The dray drew up beside the farmhouse, a cockeyed hut hewn from the stuff of the scrub, and the shackled men on the bed looked it over as if it was pestilent. Walled with rounds of gumtree, roofed with bark shingles and bleeding smoke from a stone chimney, its harsh angles were entirely at odds with
the fields and hills behind it. A pair of soldiers stepped off the bench seat and they trained their firearms upon the prisoners.

Come off there, you bastards, said the senior man, the overseer.

The fettered men, clanging like dulled cowbells, shuffled across the planks of the bed and clambered to the ground. With the stock of his firearm the overseer formed them into a line beside the cart.

Now pay attention to me, he said. Pay it good. Or I will carve my name into the first dogfucker what doesnt. He brandished his weapon before them, pushing aside his red coat, long since faded to a womanly pink, elbows mended with hide.

You hold that line and keep yer damn eyes on that mud there. You ponder on that mud cause damn my livin soul if you lot aint more useless than a hatful of it. I’m talkin to you, you old pisser. Bloody look at me when I talk.

They are a mongrel lot.

Black Bill looked around. William Gould had come up from the back paddocks and was addressing Bill as he stood watching. In his castoffs Gould made barely a better sight than the prisoners but he drew his face into a frown at the state of the new men as his eyes swept over them. Rag and bone and bugger-all else, he said.

Seems that way, said Bill.

One of the four prisoners was a roundshouldered old cur and this fellow fixed the overseer with a malicious stare.

Eyes down, you dog, eyes down. Dont you bloody look at me! The overseer was signalling with two fingers for the prisoner to lower his gaze. Keep your damn eyes off me, he said.
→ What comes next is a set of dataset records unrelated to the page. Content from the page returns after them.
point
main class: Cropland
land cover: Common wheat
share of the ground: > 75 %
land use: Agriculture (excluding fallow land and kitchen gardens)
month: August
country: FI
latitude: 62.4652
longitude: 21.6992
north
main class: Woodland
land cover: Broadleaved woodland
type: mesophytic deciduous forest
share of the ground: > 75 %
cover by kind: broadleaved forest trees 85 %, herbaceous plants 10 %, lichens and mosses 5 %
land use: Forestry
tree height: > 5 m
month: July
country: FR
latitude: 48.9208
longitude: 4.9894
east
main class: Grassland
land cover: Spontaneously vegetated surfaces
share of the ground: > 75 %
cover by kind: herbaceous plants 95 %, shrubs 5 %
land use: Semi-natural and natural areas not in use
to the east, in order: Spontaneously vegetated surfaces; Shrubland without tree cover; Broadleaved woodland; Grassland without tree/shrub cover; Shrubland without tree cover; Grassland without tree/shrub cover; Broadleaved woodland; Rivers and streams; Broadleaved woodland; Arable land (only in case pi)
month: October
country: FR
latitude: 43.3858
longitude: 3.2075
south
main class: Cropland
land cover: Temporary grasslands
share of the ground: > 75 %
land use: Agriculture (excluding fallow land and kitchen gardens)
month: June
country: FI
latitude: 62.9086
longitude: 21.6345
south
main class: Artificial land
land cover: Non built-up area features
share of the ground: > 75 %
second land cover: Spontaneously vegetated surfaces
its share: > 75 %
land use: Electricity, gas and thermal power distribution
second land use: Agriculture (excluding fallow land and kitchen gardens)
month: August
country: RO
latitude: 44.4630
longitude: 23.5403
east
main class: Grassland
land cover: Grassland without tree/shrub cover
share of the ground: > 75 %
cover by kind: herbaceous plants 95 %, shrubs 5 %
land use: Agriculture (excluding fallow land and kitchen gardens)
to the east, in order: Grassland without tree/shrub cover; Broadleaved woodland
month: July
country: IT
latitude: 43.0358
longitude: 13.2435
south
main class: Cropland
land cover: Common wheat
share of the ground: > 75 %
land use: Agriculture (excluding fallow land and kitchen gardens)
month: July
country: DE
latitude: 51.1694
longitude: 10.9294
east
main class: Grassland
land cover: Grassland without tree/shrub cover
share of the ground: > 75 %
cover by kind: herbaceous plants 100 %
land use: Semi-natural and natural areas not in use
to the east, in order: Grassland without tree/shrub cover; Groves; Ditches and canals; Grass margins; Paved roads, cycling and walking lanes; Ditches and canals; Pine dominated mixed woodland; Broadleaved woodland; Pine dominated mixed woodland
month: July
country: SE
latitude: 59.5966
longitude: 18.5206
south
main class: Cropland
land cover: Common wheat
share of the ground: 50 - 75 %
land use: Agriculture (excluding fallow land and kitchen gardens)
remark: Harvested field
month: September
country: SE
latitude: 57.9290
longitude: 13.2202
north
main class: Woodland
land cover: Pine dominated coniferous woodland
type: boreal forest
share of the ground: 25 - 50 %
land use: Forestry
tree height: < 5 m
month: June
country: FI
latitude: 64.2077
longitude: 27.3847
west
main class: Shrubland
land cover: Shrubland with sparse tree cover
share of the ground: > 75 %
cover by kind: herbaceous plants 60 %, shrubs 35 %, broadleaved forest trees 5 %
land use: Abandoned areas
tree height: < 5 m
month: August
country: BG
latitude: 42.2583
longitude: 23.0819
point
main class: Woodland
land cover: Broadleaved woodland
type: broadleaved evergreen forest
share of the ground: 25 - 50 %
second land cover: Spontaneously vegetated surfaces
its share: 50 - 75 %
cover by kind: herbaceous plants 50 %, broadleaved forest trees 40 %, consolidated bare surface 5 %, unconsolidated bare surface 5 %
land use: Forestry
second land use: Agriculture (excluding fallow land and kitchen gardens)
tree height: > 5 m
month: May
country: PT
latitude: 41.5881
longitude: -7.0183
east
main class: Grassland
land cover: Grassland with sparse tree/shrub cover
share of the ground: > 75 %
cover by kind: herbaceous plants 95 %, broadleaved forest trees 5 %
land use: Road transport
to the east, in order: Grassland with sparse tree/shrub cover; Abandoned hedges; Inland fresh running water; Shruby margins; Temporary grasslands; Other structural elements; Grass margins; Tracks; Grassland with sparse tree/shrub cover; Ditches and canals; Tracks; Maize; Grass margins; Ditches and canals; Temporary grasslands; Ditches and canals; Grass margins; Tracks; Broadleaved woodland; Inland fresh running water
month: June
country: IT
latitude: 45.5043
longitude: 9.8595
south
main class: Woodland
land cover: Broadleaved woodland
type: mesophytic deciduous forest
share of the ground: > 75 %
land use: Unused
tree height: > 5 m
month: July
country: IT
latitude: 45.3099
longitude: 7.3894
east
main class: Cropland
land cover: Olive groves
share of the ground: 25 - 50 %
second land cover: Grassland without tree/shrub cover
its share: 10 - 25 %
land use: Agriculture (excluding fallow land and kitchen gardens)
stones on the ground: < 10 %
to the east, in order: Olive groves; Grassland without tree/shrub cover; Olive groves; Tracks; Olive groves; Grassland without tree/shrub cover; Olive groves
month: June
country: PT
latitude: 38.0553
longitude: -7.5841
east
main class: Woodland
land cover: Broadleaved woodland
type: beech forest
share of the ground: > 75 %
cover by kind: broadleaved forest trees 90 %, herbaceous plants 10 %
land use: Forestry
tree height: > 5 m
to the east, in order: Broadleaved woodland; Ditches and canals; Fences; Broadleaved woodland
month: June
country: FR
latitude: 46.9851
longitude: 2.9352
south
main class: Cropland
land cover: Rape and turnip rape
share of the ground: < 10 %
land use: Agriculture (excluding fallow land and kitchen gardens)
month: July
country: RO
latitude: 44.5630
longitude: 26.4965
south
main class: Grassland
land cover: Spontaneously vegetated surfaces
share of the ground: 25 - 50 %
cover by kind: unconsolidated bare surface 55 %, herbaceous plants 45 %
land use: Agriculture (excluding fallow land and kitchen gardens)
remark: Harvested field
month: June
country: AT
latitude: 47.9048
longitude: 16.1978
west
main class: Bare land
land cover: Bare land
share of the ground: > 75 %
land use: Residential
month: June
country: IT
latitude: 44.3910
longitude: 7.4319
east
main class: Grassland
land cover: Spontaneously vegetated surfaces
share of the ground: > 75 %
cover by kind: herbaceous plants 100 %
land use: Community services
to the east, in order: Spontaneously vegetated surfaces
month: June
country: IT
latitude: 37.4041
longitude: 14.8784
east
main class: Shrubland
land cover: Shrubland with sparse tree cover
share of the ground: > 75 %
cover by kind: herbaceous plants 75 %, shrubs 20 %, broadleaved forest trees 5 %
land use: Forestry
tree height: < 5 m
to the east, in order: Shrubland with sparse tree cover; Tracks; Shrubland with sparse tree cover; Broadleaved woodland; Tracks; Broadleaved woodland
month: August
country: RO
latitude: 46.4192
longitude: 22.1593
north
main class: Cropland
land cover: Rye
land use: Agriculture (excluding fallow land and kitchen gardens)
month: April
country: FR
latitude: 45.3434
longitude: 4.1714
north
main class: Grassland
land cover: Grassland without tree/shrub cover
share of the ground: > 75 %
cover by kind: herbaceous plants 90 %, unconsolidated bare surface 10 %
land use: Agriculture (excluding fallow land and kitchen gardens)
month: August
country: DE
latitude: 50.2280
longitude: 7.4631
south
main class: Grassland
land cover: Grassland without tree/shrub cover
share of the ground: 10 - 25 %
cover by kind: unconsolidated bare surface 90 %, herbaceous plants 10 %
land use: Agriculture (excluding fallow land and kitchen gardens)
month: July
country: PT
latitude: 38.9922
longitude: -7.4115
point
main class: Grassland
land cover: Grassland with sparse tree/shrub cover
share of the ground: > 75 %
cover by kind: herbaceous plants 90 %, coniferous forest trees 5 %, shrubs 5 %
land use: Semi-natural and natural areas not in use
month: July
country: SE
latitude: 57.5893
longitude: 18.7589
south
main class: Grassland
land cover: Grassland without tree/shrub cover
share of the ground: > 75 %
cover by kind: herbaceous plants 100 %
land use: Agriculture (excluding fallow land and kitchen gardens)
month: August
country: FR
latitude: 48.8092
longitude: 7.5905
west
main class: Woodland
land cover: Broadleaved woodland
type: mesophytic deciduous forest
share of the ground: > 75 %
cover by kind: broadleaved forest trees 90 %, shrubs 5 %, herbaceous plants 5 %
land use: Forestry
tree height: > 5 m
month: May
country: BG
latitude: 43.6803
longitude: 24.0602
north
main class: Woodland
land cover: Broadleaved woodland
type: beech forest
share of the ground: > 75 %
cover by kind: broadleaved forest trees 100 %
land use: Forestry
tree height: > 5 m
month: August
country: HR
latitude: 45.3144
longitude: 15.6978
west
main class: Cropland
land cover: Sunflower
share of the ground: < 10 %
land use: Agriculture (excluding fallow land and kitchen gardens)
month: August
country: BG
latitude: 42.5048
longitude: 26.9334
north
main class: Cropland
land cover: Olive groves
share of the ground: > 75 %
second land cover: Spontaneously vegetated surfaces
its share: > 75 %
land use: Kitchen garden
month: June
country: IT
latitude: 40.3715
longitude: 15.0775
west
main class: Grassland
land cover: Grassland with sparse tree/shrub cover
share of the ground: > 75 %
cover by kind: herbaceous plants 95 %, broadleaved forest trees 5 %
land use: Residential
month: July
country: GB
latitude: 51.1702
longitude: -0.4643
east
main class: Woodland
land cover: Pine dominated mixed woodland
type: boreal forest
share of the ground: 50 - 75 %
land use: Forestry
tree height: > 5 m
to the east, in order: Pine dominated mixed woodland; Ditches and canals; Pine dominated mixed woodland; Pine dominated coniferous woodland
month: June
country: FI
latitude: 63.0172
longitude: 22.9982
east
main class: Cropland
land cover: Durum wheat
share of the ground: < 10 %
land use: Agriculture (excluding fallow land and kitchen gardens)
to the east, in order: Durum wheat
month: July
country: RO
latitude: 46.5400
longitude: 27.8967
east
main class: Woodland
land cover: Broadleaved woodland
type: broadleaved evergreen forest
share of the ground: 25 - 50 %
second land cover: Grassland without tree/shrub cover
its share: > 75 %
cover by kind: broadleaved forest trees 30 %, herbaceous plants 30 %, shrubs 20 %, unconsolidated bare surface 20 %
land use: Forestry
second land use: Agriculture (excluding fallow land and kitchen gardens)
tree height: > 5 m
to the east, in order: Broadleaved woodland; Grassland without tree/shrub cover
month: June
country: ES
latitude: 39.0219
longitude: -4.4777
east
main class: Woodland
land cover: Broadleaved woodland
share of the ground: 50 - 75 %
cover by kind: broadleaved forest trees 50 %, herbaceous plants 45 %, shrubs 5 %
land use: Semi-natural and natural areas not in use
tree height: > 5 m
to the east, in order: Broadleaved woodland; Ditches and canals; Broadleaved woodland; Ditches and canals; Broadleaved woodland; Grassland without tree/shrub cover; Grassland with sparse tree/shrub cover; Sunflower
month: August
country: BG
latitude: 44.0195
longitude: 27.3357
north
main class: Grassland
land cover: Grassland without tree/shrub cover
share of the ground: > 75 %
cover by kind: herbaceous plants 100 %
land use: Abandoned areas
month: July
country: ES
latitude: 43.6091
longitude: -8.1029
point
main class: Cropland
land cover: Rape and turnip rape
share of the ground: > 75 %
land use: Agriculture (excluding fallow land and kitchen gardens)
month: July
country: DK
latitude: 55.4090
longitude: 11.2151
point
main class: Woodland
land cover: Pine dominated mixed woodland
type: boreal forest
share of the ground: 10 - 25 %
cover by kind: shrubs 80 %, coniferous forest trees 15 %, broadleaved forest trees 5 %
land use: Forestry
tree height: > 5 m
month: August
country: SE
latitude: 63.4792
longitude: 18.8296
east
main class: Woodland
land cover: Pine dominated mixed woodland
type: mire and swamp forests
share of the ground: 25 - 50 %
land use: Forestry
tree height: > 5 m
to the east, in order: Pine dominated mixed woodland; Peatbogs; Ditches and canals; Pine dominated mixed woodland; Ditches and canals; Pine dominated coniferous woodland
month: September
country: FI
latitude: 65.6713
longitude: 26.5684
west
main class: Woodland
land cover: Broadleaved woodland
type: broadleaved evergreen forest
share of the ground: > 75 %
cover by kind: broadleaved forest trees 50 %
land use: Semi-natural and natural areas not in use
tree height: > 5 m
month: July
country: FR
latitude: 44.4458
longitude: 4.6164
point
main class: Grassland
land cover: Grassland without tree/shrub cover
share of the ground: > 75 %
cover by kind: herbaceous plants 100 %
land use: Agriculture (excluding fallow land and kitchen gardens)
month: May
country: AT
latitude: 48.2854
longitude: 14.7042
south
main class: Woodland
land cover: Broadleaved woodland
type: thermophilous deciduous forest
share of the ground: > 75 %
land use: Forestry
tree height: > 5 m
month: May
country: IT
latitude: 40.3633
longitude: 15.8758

The prisoner dropped his head but his disdain remained and the rest of the shabby lot said not a word as the junior private shifted along to unchain their basils and toss them ringing onto the flatbed. Now freed, the men rubbed their abraded ankles, waiting for whatever came next.

Then Gould called out, Here he comes.

They all turned as John Batman appeared. He stood in the shadow thrown by the house. In his hands was a dead lamb, its head hacked off. When he walked forward into the pale sunlight he was as bloody as a surgeon and he held the carcass out before him. Its fleece was red and blood trailed over the mud behind him.

Bickle. I supposed they’d send you, he said, his breath steaming in the cold. He had a voice serrated by the overuse of his pipe and a fondness for rum taken straight. How was the roads?

The overseer wore a smile that was forced upon him. No trouble, Mr. Batman. No trouble at all.

For your wife, said Batman.

Bickle took the tiny headless thing. She’ll be most pleased she will.

Batman met him with a fierce eye. You got that money yet?

Now I told you about that, said Bickle and laughed. A short tight cough. It wasnt no fairly drawn hand.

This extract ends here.